# finding received past private messages



## rynker (Jul 28, 2008)

I've gotten private messages with the new TUG market place.  I cilck on them and when I get off the sight, I can't get them back.  What am I doing wrong??????


----------



## Makai Guy (Jul 28, 2008)

rynker said:


> I've gotten private messages with the new TUG market place.  I cilck on them and when I get off the sight, I can't get them back.  What am I doing wrong??????



Are you looking here in the BBS private messages?   That's not where you'll find them - the Marketplace ads are a separate system.

Go *here* (you'll have to log in if you're not logged into the Members-only access system at the moment).  In the Timeshare Marketplace, click on the appropriate Ads You Placed link - I believe you should be able to find all the messages for each ad from there.


----------



## TUGBrian (Jul 28, 2008)

there is also a link in the email you recieved about the ad message that takes you to the marketplace.

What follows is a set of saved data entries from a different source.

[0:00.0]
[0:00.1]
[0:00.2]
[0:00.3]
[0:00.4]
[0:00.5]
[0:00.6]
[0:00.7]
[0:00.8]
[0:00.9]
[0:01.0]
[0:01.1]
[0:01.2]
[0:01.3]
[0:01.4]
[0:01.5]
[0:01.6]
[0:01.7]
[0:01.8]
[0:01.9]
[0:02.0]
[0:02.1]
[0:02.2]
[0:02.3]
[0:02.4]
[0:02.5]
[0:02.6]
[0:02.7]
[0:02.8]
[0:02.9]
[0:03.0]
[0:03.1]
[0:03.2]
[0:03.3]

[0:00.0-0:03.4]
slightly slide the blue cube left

as stated above...there is no link between the timeshare marketplace and the TUGBBS forums.


----------



## rynker (Jul 28, 2008)

I'm feeling really ignorant now!  I've done what you've told me, and I still can't pull up my old messages for my ad.  I know I can't get them on the old forum.  I got the messages for the first time on my e-mail, and now can't get them back.  Is there a place that says to retreive past messages?  Am I blind?


----------



## TUGBrian (Jul 28, 2008)

you go here

http://ads.tug2.net

it takes you to the homepage of the timeshare marketplace.

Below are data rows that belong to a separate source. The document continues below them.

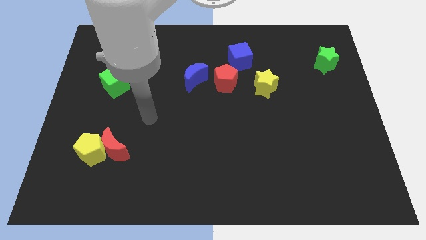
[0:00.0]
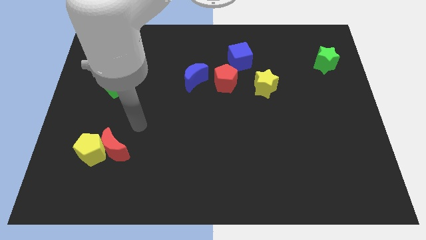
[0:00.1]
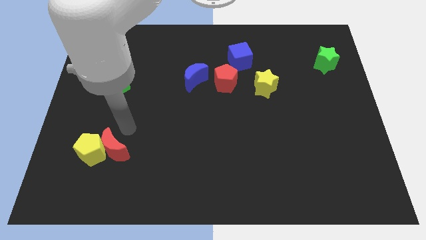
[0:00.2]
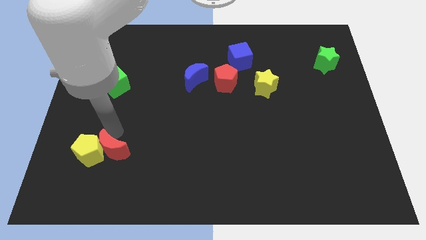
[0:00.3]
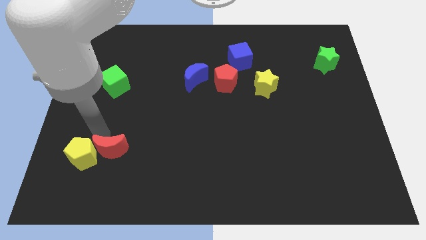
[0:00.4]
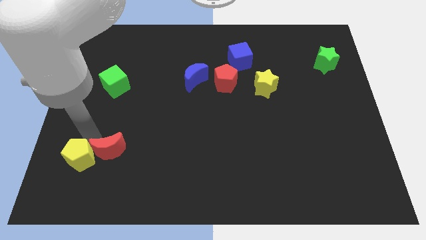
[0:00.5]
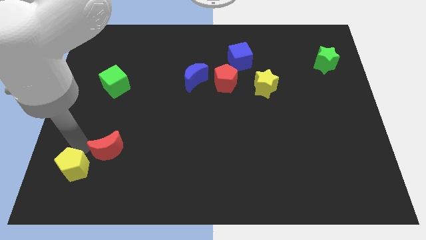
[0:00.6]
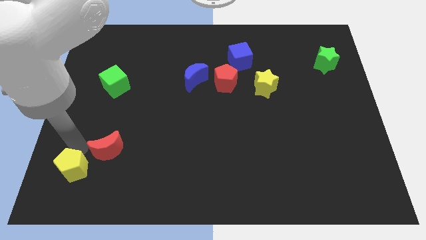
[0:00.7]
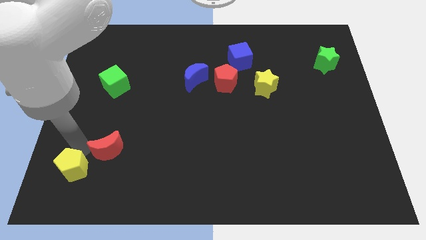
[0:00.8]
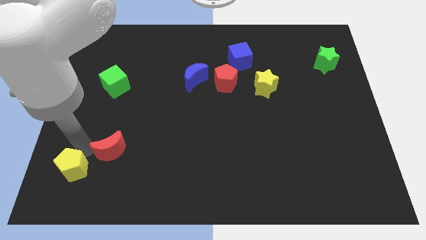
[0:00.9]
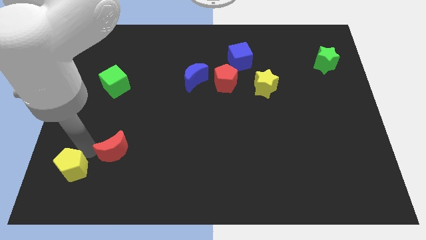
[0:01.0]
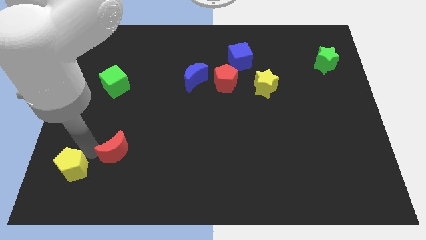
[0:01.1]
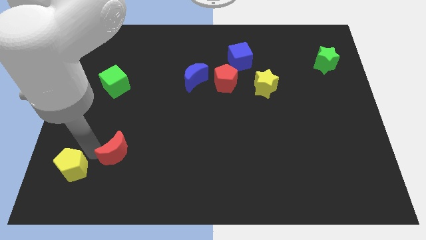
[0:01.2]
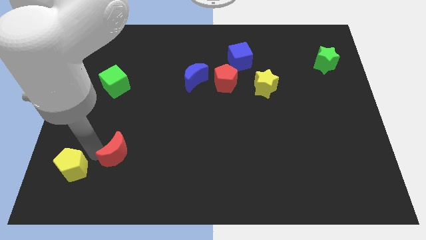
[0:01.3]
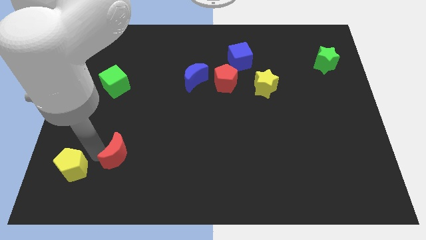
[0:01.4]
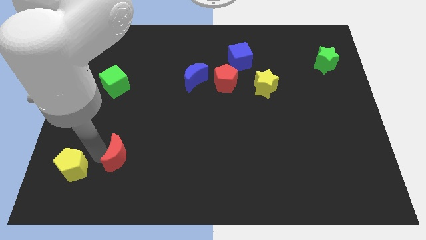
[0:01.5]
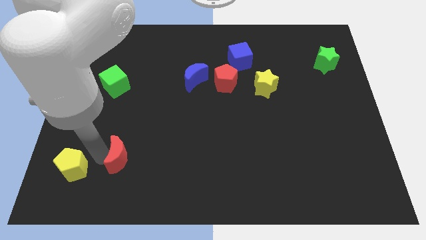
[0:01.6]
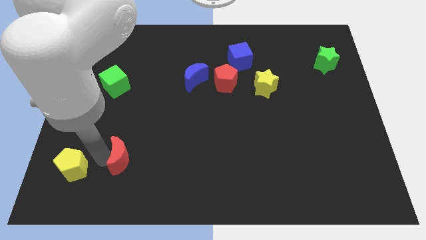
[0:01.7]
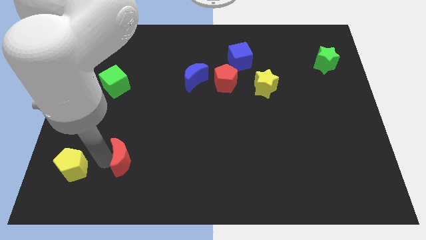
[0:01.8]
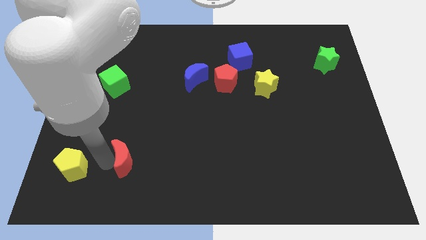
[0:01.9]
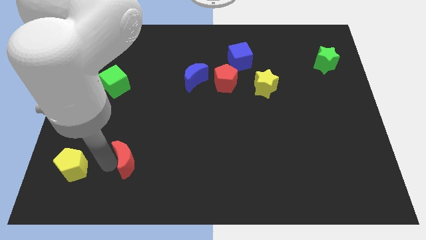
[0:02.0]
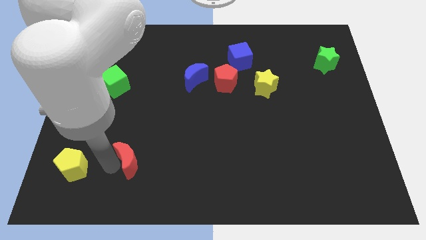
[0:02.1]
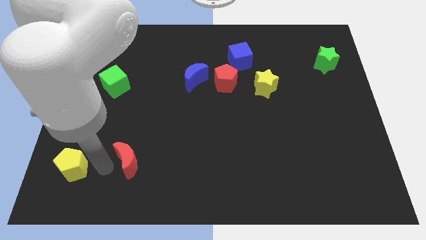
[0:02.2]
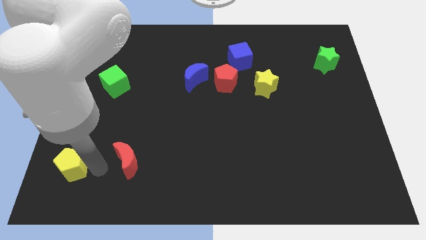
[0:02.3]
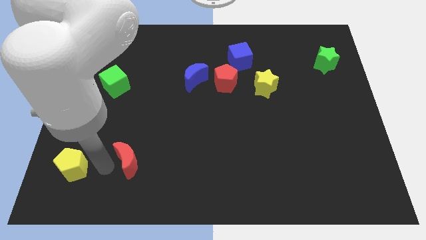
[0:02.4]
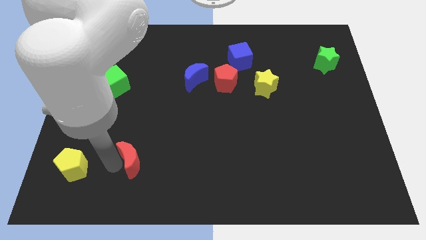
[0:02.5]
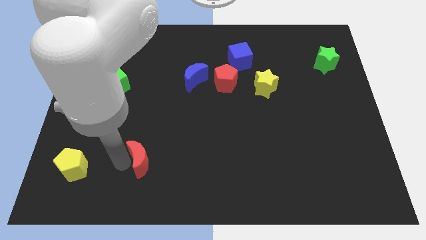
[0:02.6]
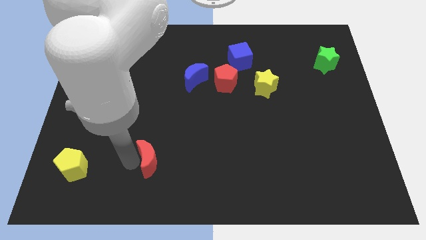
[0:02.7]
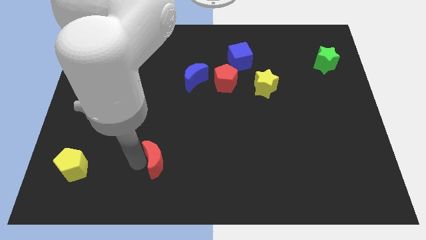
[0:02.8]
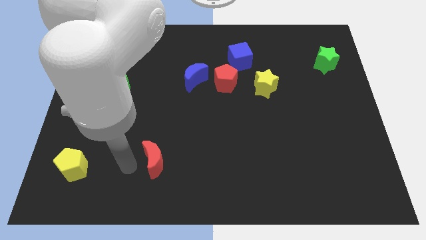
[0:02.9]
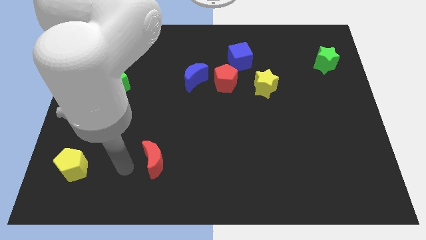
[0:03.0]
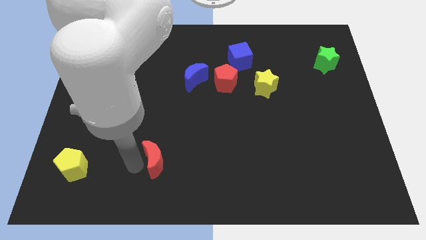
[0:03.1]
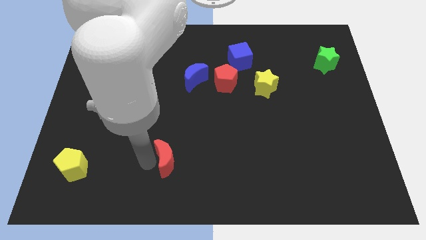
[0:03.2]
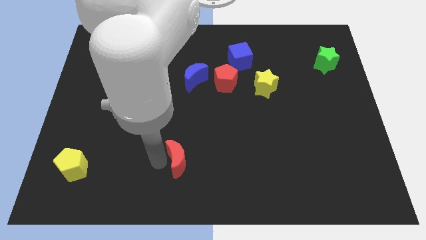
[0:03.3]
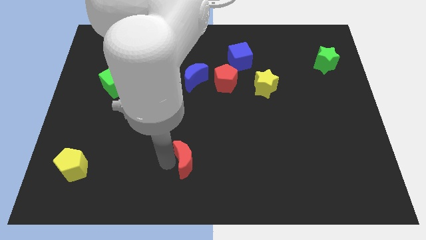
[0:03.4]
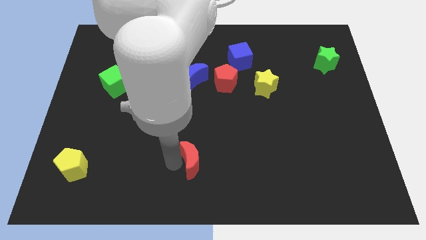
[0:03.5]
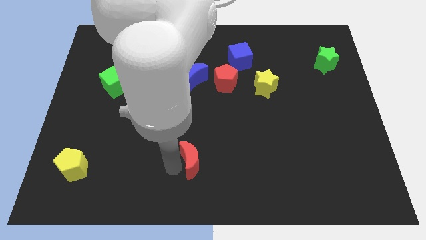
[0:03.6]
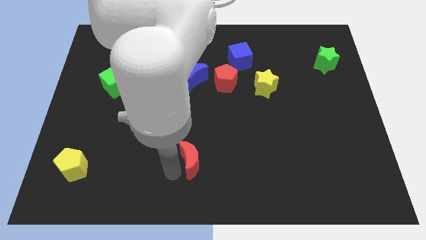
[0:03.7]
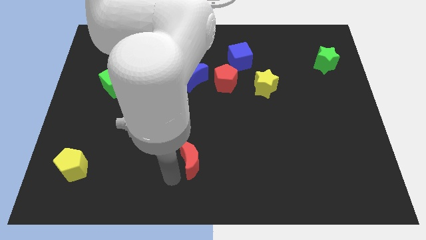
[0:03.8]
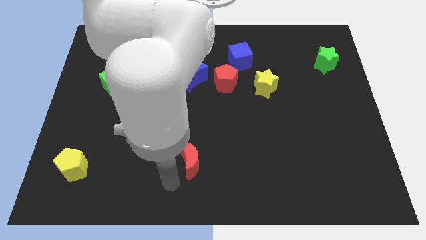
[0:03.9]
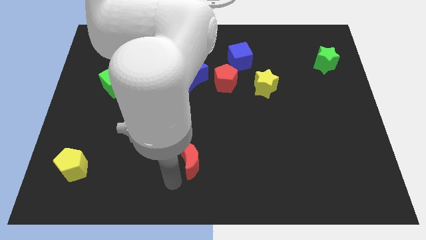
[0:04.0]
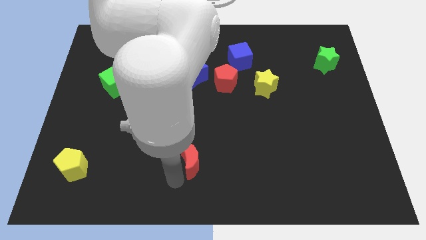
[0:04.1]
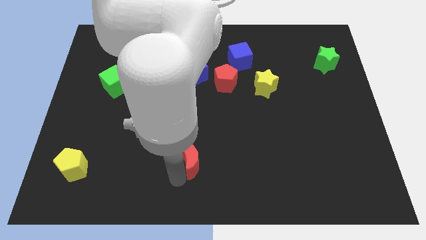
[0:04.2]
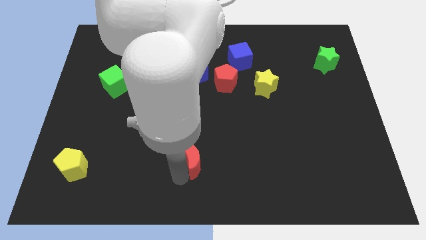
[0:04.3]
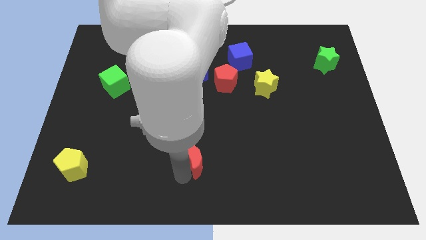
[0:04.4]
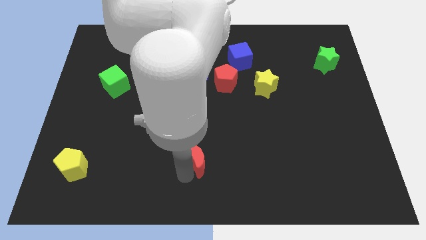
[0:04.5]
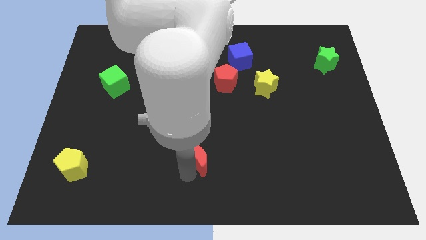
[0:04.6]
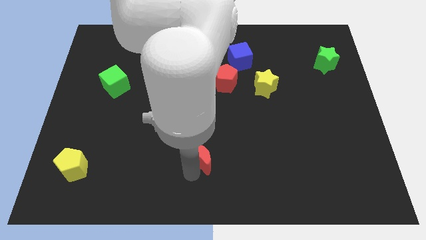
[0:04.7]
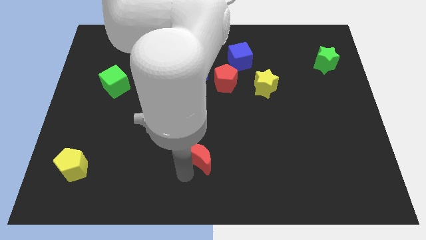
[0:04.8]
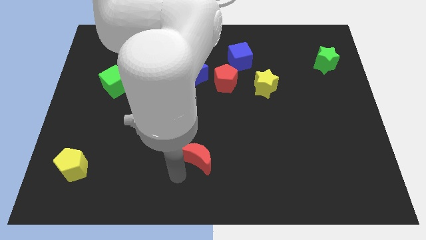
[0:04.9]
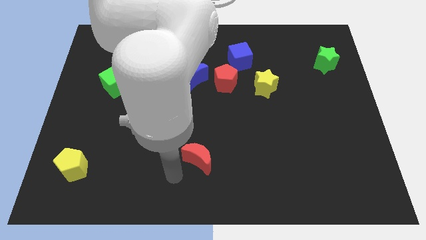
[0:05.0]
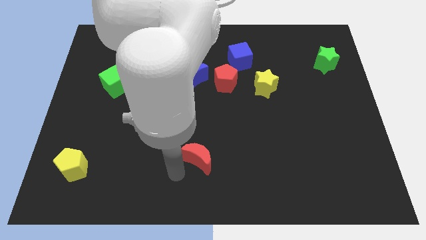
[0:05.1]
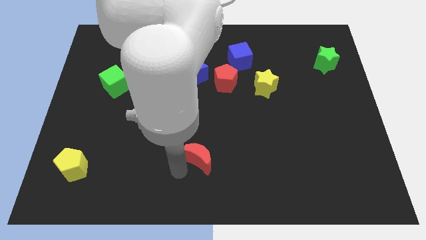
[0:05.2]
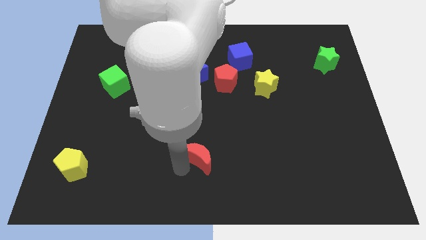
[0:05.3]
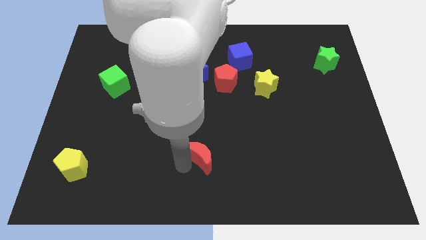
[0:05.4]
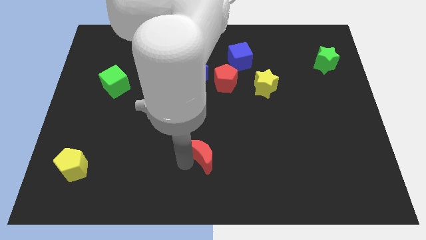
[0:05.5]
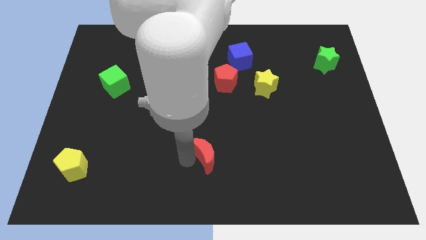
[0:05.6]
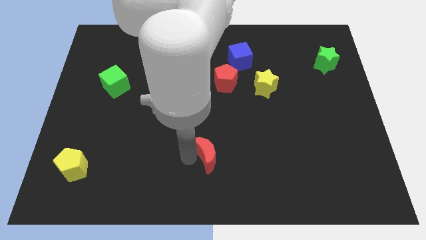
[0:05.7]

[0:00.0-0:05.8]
move the red moon right

if you are logged in...there are links at the top that will be clickable  (if they are greyed out...you need to click the login button)

the link you want to click is "ads youve placed"...which is the link that doug provided above.

from there you will see every one of your ads posted...and there is a column in each ad for "msgs"...it will have a 0 in it normally...or a number indicating how many messages you have.

simply click the number.


----------